BEGIN Working data
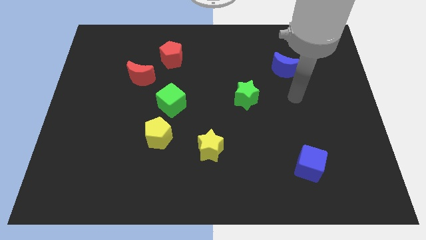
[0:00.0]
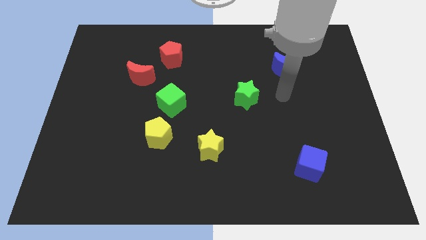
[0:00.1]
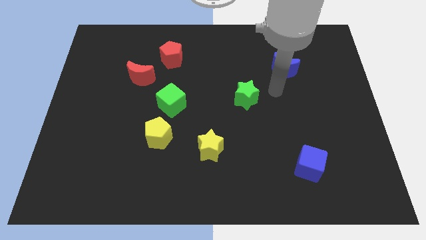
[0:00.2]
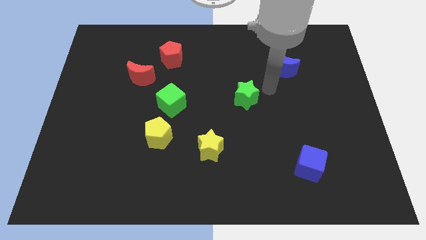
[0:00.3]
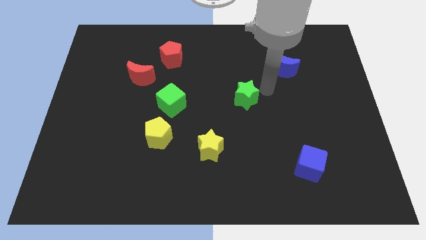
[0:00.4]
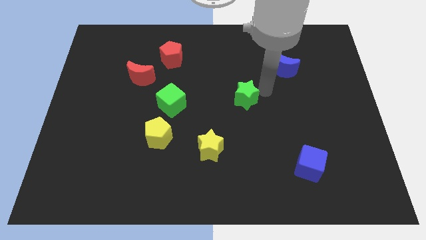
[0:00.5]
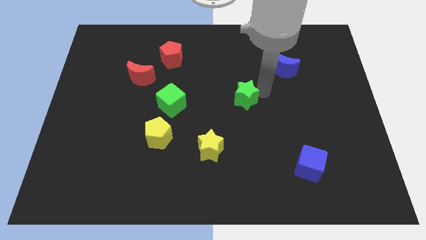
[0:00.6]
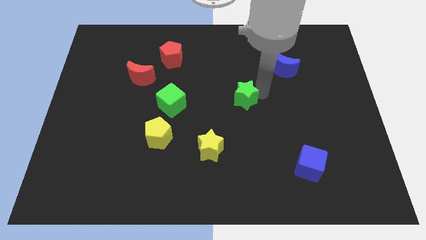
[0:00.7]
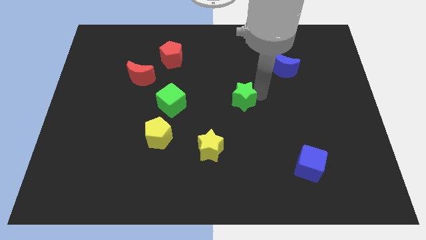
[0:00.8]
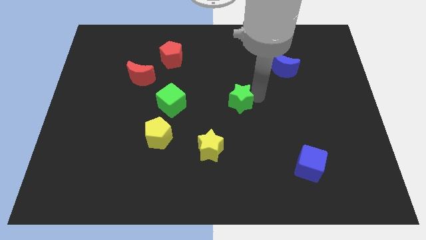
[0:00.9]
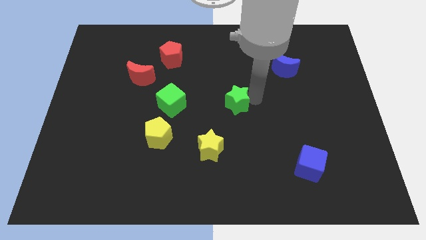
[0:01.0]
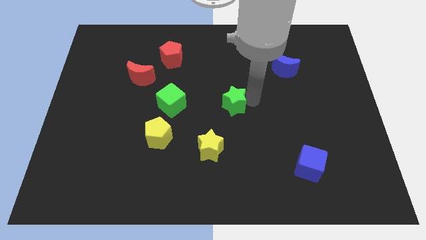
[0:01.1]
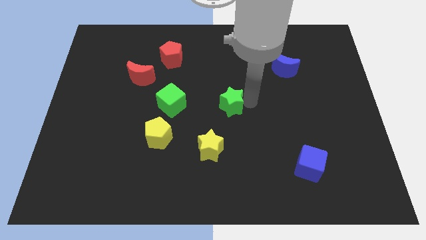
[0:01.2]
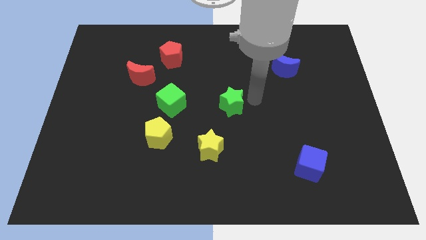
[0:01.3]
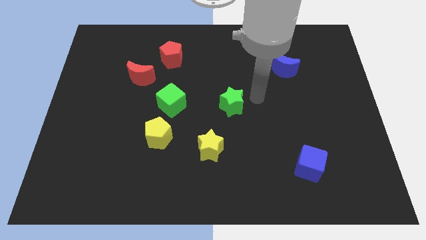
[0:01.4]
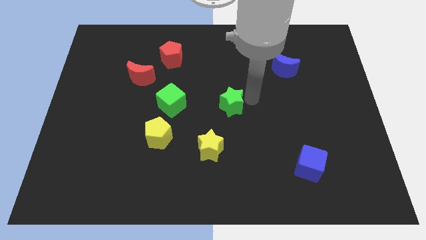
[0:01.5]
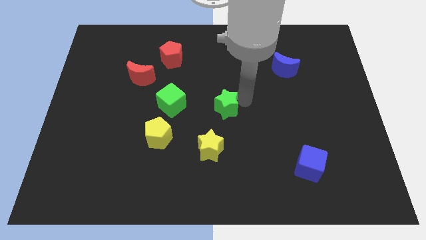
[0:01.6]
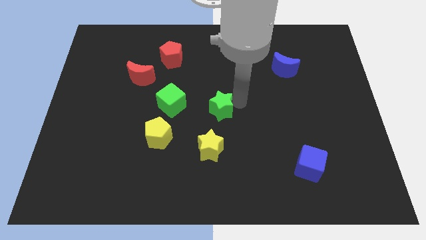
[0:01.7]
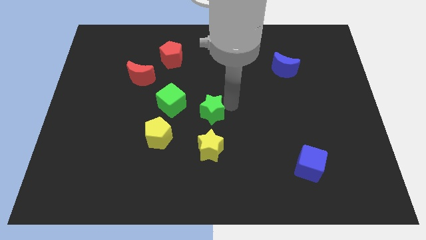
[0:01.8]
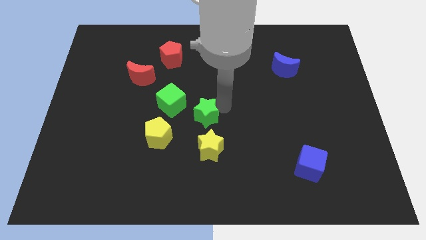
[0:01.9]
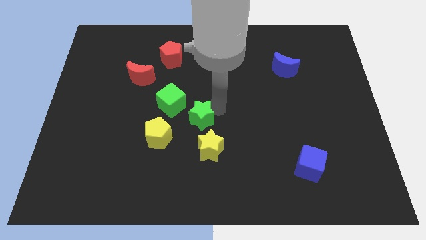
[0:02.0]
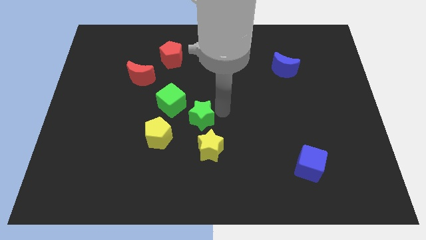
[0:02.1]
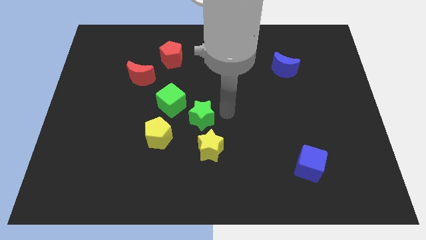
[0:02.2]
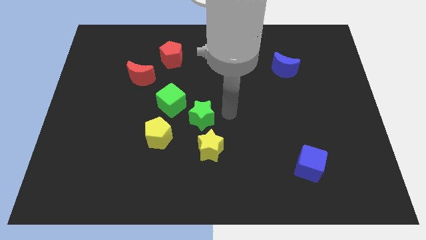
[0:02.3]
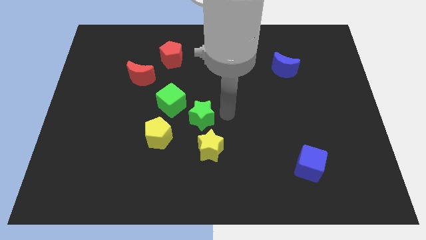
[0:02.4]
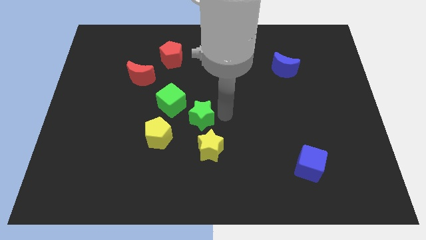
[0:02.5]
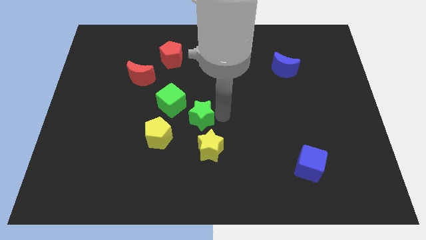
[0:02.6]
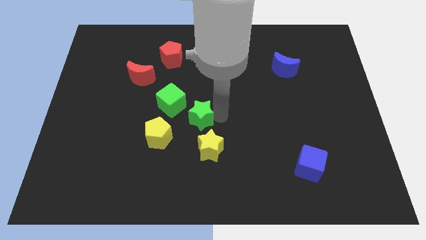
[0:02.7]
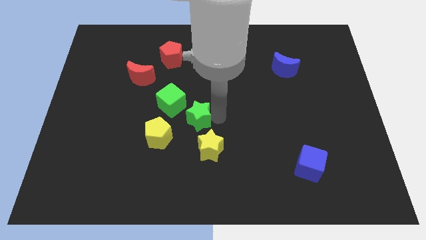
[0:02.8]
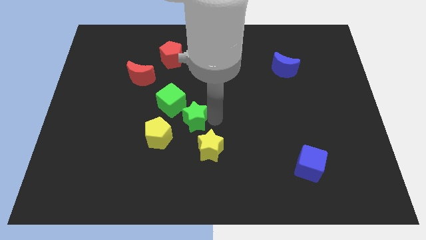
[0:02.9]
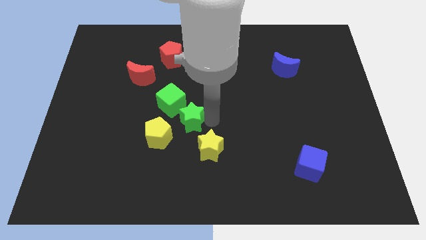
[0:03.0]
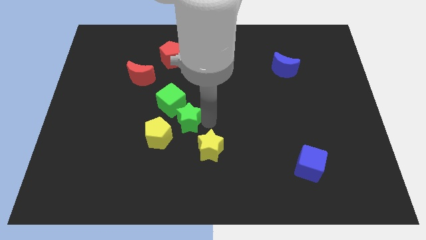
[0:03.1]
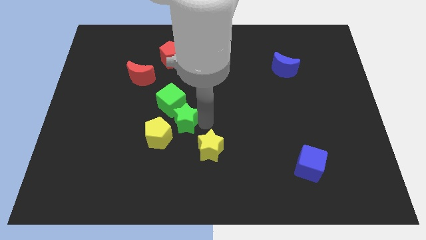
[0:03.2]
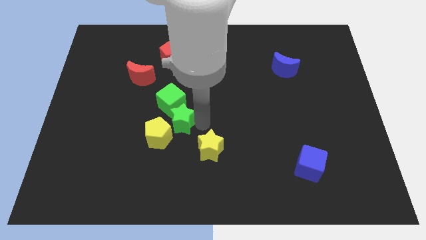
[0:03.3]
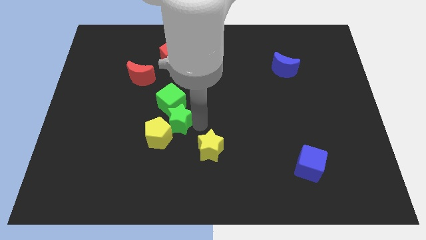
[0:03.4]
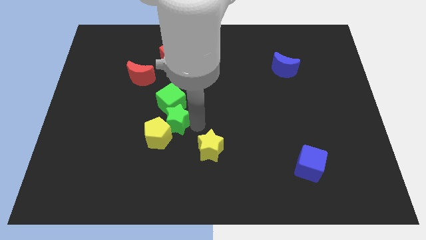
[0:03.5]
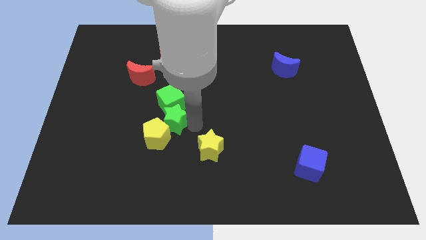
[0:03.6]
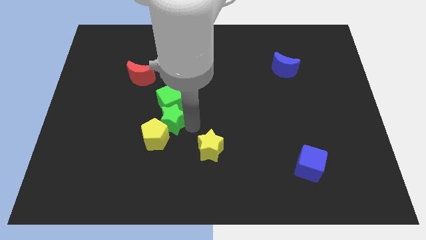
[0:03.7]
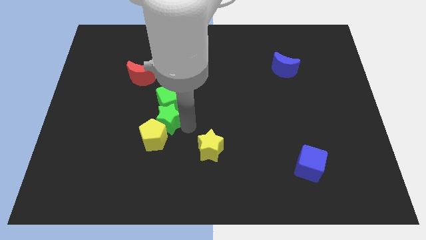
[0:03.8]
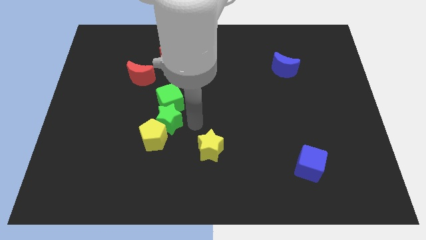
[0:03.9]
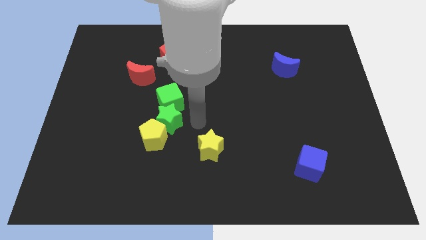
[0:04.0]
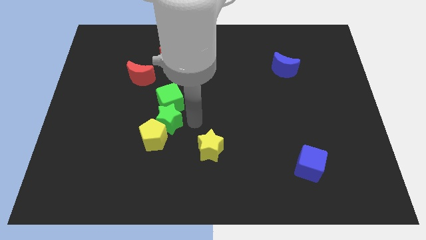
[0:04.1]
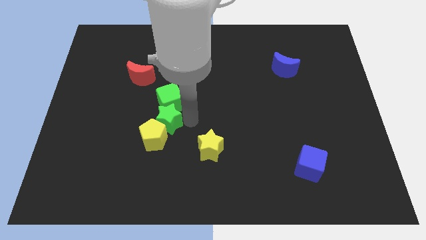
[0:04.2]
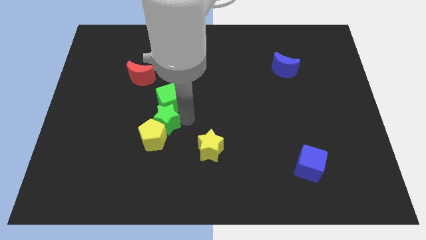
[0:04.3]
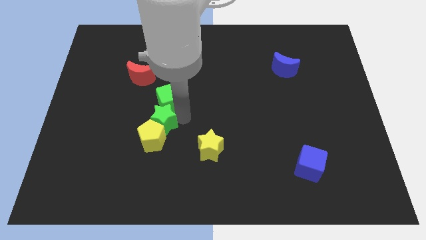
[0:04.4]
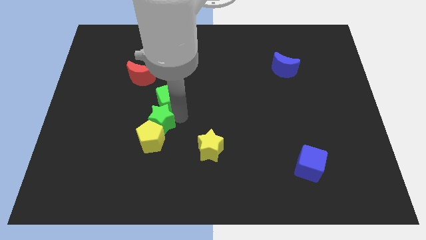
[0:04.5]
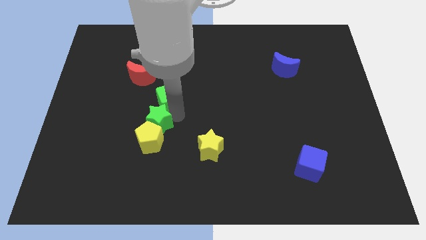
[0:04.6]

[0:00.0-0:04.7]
slide the green star diagonally up and to the left of the yellow pentagon
END Working data
■ **Exercise directions**: Would you output the data exactly, without any of its images?

■ **Answer space**:
[0:00.0]
[0:00.1]
[0:00.2]
[0:00.3]
[0:00.4]
[0:00.5]
[0:00.6]
[0:00.7]
[0:00.8]
[0:00.9]
[0:01.0]
[0:01.1]
[0:01.2]
[0:01.3]
[0:01.4]
[0:01.5]
[0:01.6]
[0:01.7]
[0:01.8]
[0:01.9]
[0:02.0]
[0:02.1]
[0:02.2]
[0:02.3]
[0:02.4]
[0:02.5]
[0:02.6]
[0:02.7]
[0:02.8]
[0:02.9]
[0:03.0]
[0:03.1]
[0:03.2]
[0:03.3]
[0:03.4]
[0:03.5]
[0:03.6]
[0:03.7]
[0:03.8]
[0:03.9]
[0:04.0]
[0:04.1]
[0:04.2]
[0:04.3]
[0:04.4]
[0:04.5]
[0:04.6]

[0:00.0-0:04.7]
slide the green star diagonally up and to the left of the yellow pentagon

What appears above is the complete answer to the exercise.